▶ _YOUR ASSIGNMENT_: Every entry below must be retyped exactly, and the pictures must be left out.

• • • • • • •

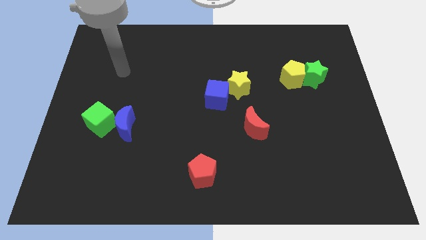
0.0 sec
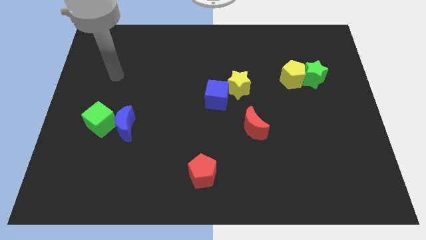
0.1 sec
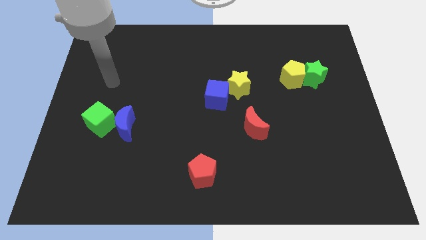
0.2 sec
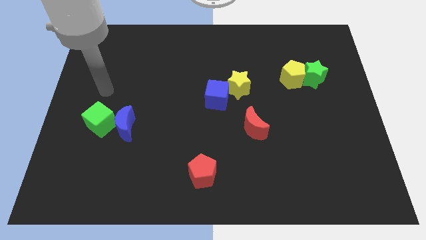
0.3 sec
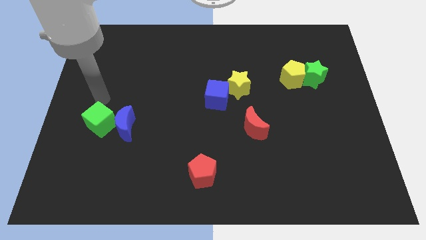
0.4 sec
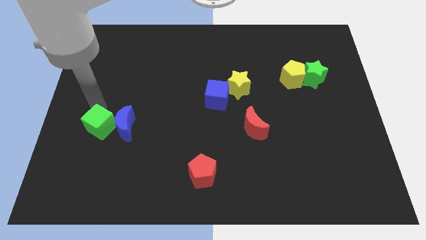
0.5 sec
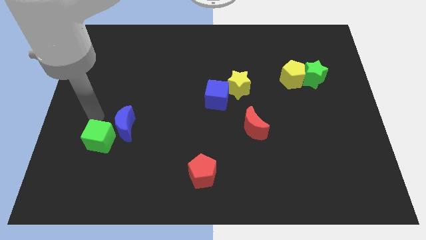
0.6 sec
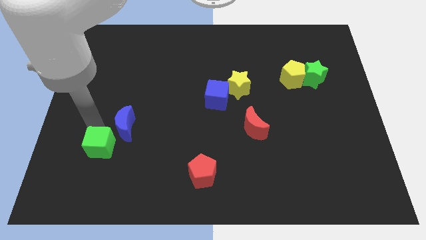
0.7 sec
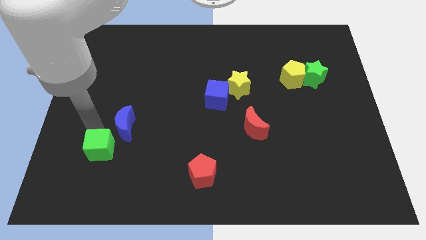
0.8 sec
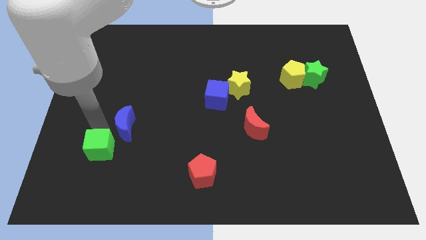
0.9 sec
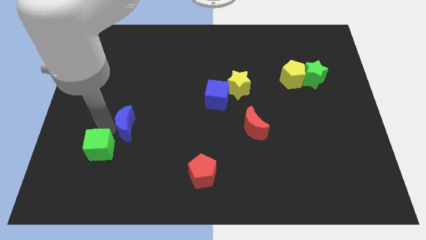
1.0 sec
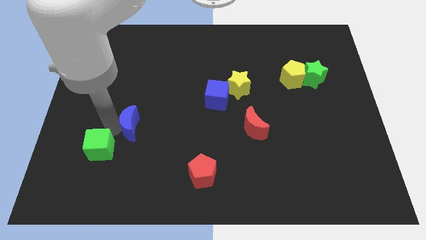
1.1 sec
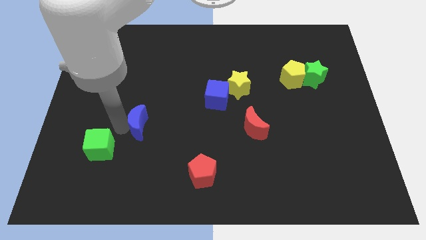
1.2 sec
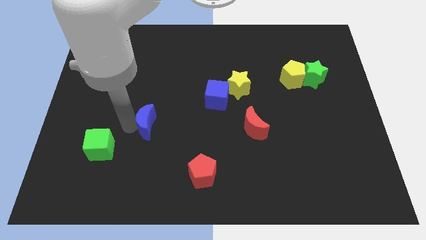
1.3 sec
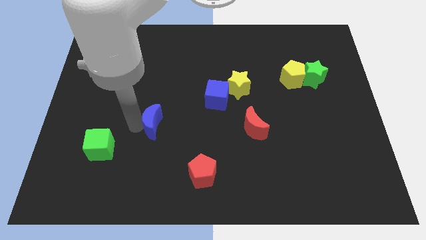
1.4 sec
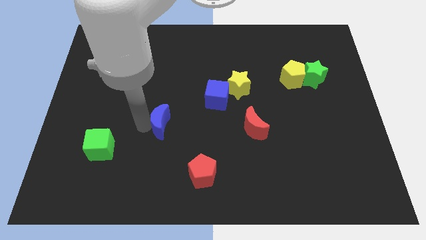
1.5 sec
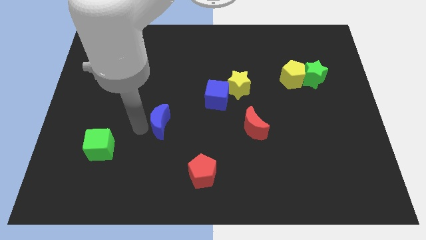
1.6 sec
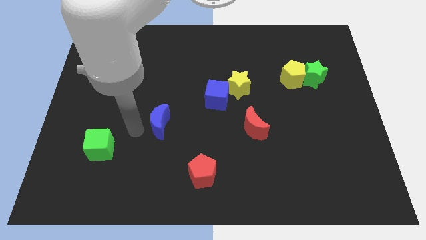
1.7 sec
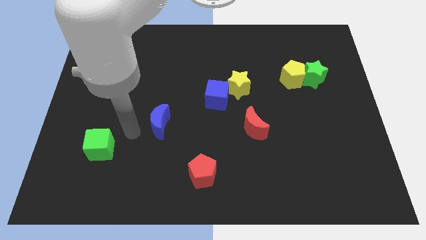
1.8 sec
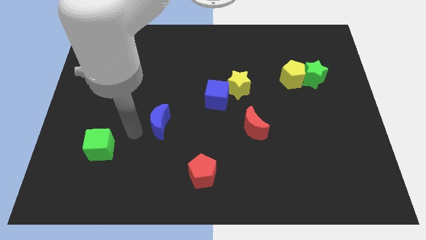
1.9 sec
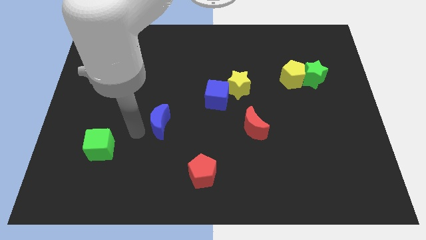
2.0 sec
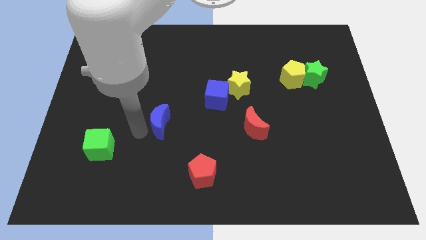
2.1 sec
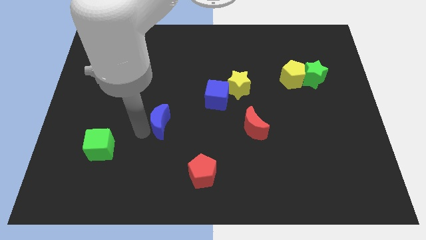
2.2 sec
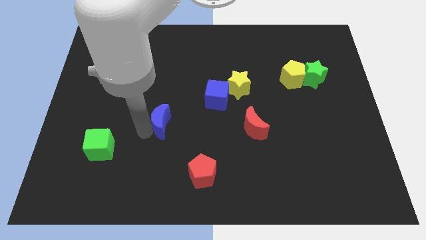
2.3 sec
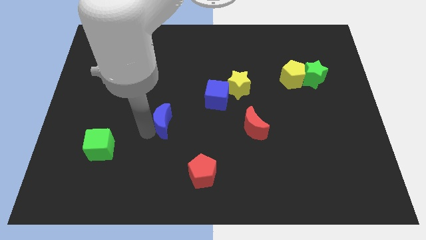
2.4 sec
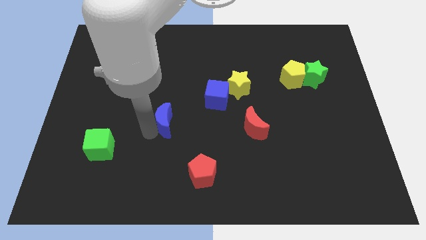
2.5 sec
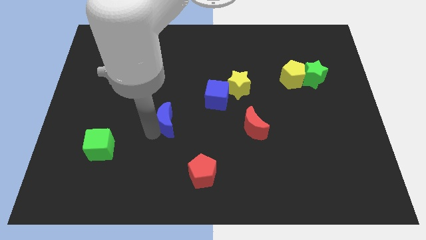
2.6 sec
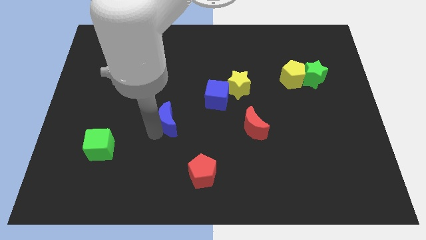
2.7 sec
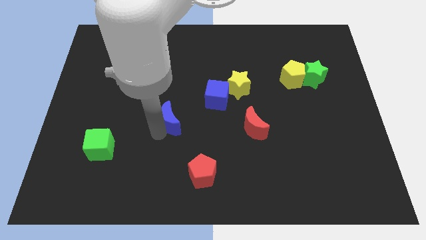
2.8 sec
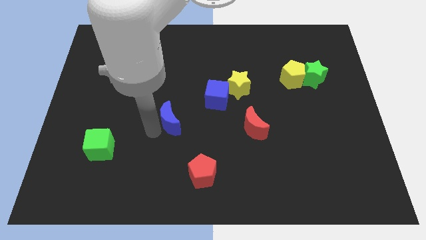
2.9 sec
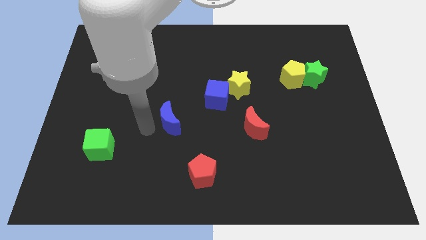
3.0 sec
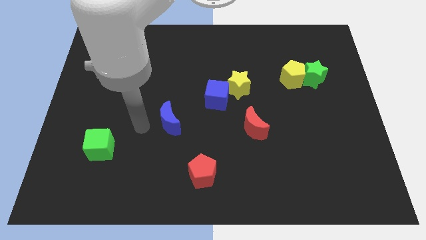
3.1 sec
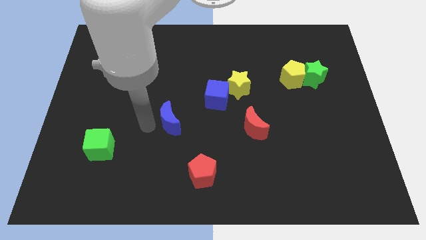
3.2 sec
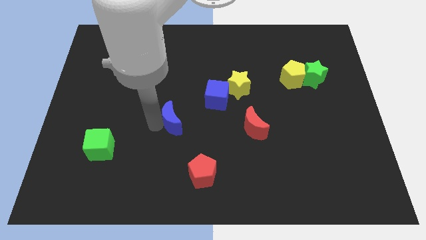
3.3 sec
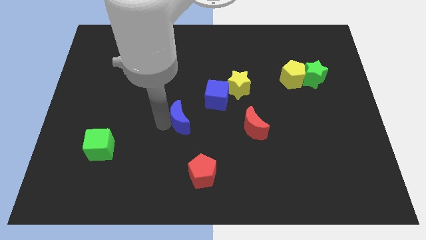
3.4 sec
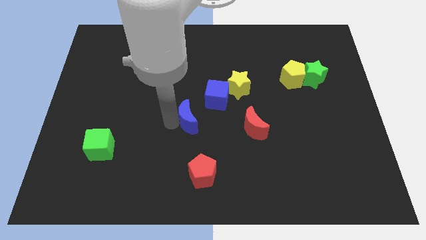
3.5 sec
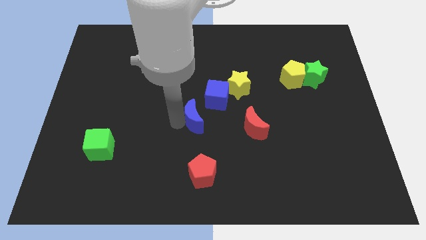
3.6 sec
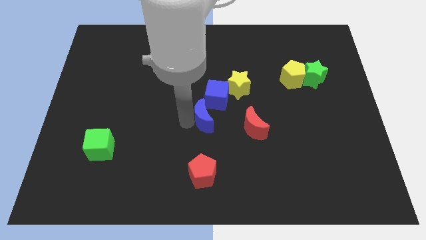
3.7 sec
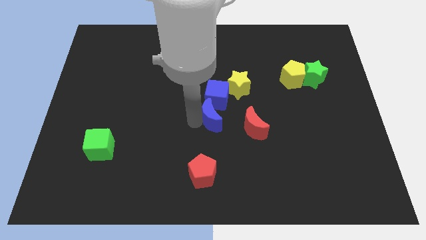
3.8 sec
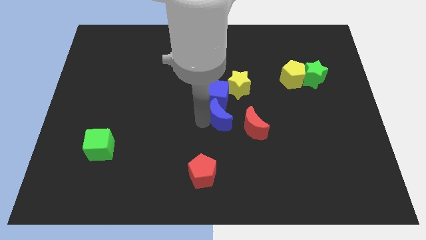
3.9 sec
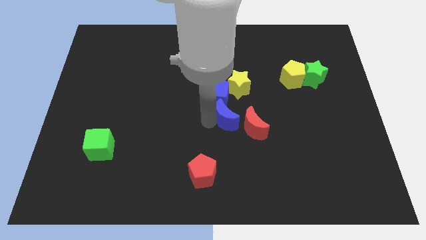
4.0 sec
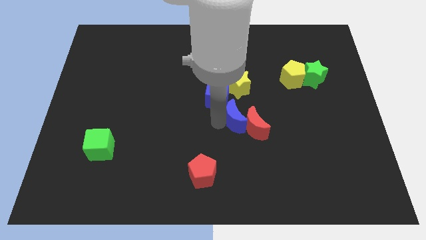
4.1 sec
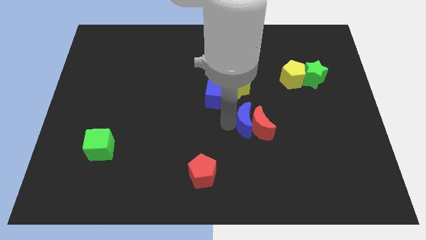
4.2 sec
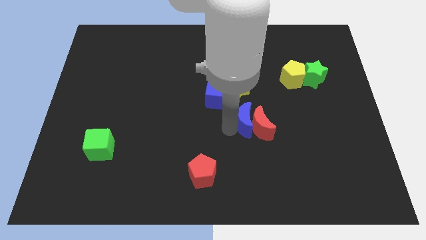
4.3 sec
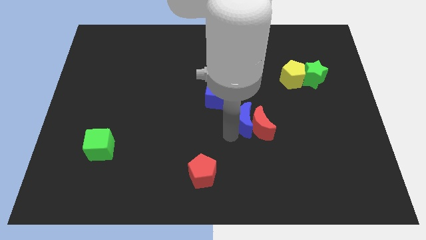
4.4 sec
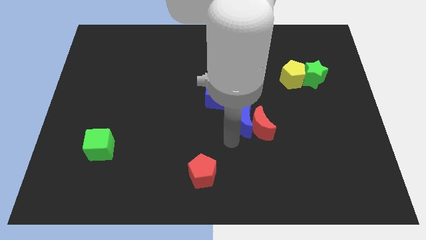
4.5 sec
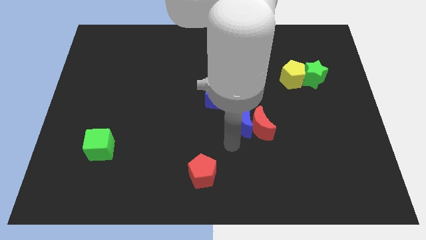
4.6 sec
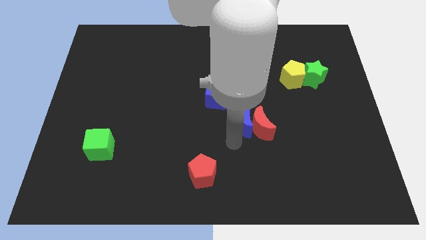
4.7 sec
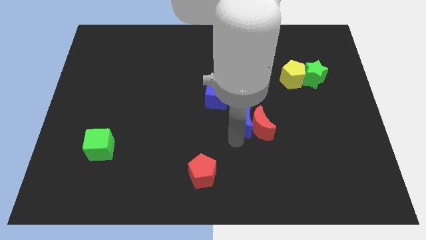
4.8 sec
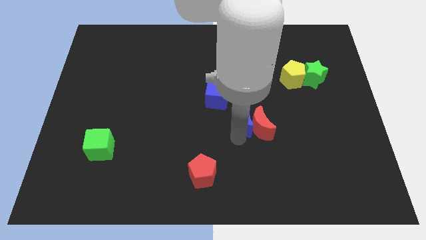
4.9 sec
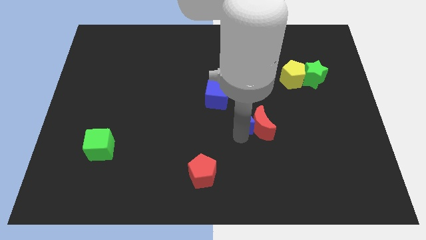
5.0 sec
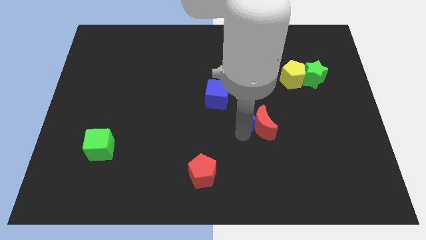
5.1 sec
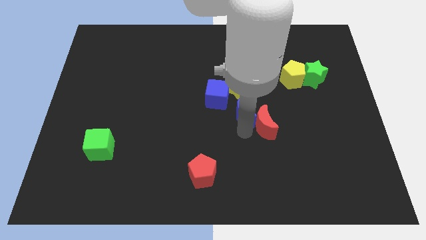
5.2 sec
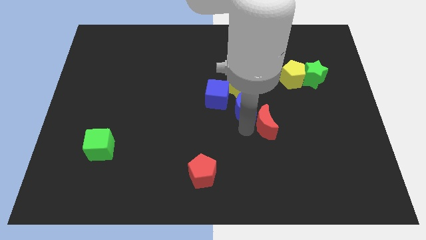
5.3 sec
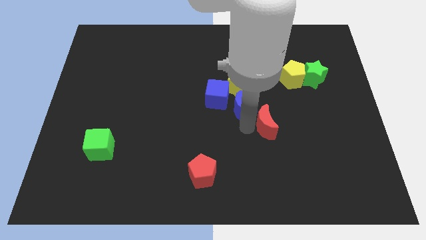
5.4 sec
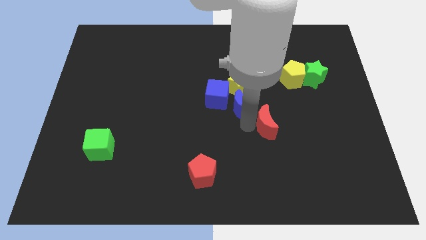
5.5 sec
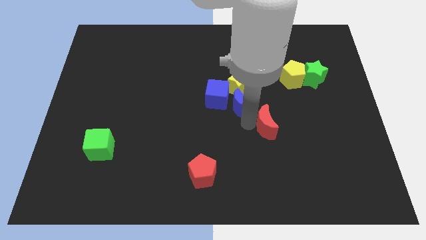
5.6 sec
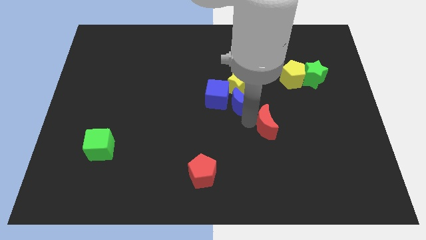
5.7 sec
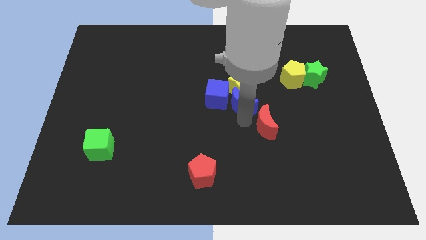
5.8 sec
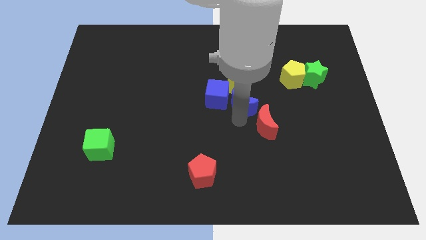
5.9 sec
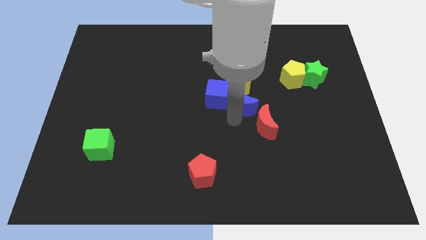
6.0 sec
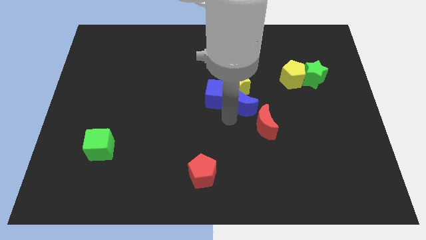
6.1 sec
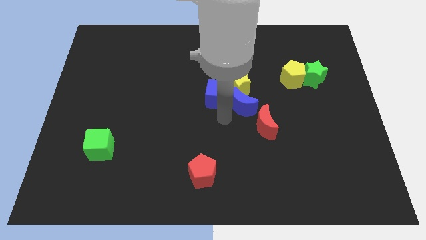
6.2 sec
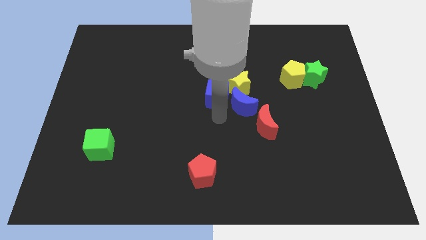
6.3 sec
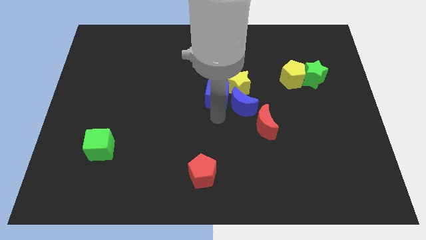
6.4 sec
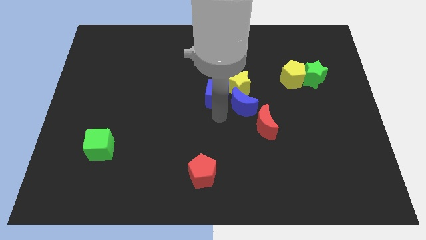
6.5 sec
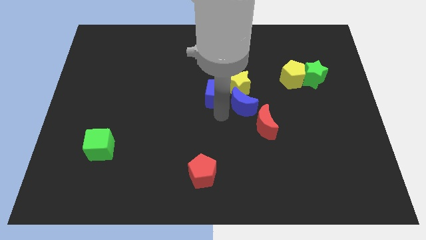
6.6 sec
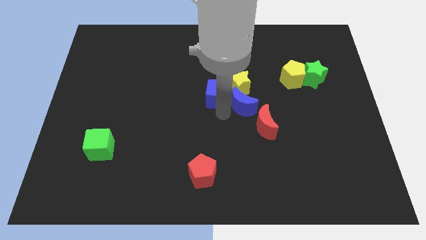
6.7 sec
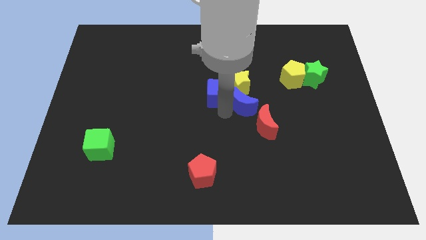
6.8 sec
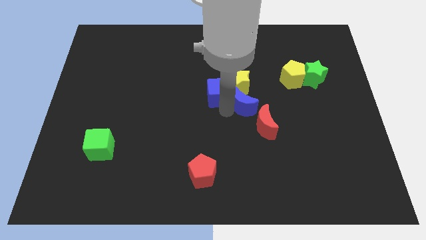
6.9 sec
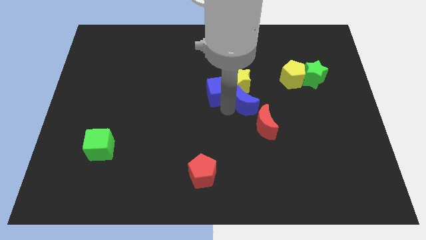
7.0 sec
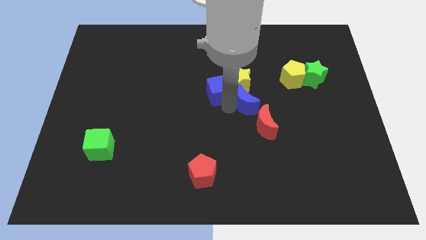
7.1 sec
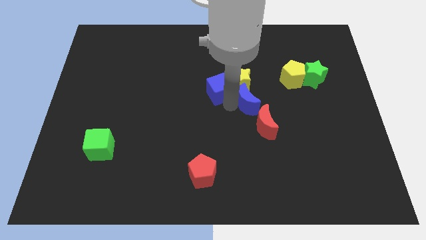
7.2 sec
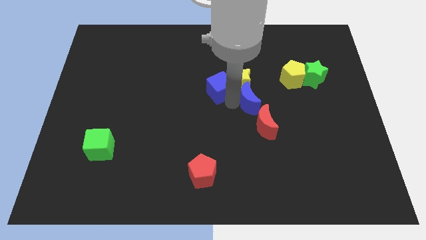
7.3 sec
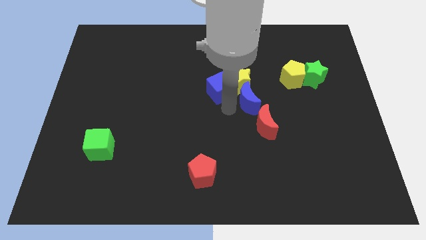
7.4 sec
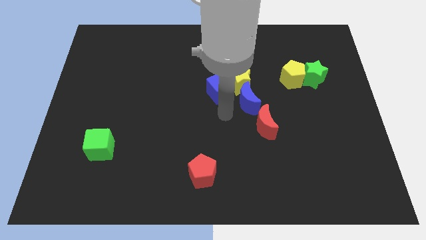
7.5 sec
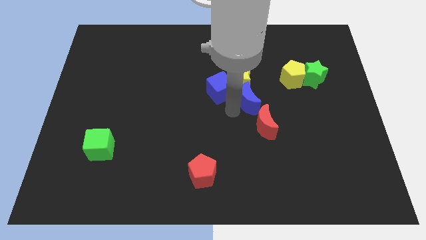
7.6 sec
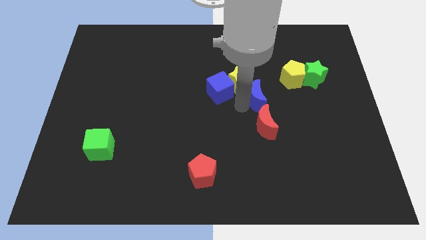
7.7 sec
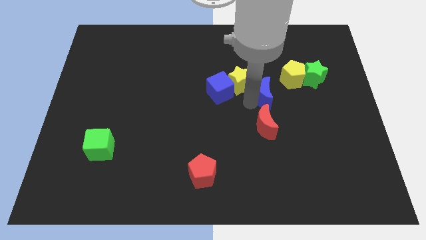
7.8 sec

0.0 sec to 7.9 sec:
slide the blue moon just right of the yellow star

• • • • • • •

▶ _SOLUTION BELOW_:
0.0 sec
0.1 sec
0.2 sec
0.3 sec
0.4 sec
0.5 sec
0.6 sec
0.7 sec
0.8 sec
0.9 sec
1.0 sec
1.1 sec
1.2 sec
1.3 sec
1.4 sec
1.5 sec
1.6 sec
1.7 sec
1.8 sec
1.9 sec
2.0 sec
2.1 sec
2.2 sec
2.3 sec
2.4 sec
2.5 sec
2.6 sec
2.7 sec
2.8 sec
2.9 sec
3.0 sec
3.1 sec
3.2 sec
3.3 sec
3.4 sec
3.5 sec
3.6 sec
3.7 sec
3.8 sec
3.9 sec
4.0 sec
4.1 sec
4.2 sec
4.3 sec
4.4 sec
4.5 sec
4.6 sec
4.7 sec
4.8 sec
4.9 sec
5.0 sec
5.1 sec
5.2 sec
5.3 sec
5.4 sec
5.5 sec
5.6 sec
5.7 sec
5.8 sec
5.9 sec
6.0 sec
6.1 sec
6.2 sec
6.3 sec
6.4 sec
6.5 sec
6.6 sec
6.7 sec
6.8 sec
6.9 sec
7.0 sec
7.1 sec
7.2 sec
7.3 sec
7.4 sec
7.5 sec
7.6 sec
7.7 sec
7.8 sec

0.0 sec to 7.9 sec:
slide the blue moon just right of the yellow star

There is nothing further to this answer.